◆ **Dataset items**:
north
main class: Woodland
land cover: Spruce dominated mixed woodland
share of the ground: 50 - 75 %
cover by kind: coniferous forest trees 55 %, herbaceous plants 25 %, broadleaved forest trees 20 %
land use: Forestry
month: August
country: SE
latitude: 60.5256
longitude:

◆ **Task details**:
After the last line, print all the entries once again, unchanged.

◆ **Task result**:
north
main class: Woodland
land cover: Spruce dominated mixed woodland
share of the ground: 50 - 75 %
cover by kind: coniferous forest trees 55 %, herbaceous plants 25 %, broadleaved forest trees 20 %
land use: Forestry
month: August
country: SE
latitude: 60.5256
longitude:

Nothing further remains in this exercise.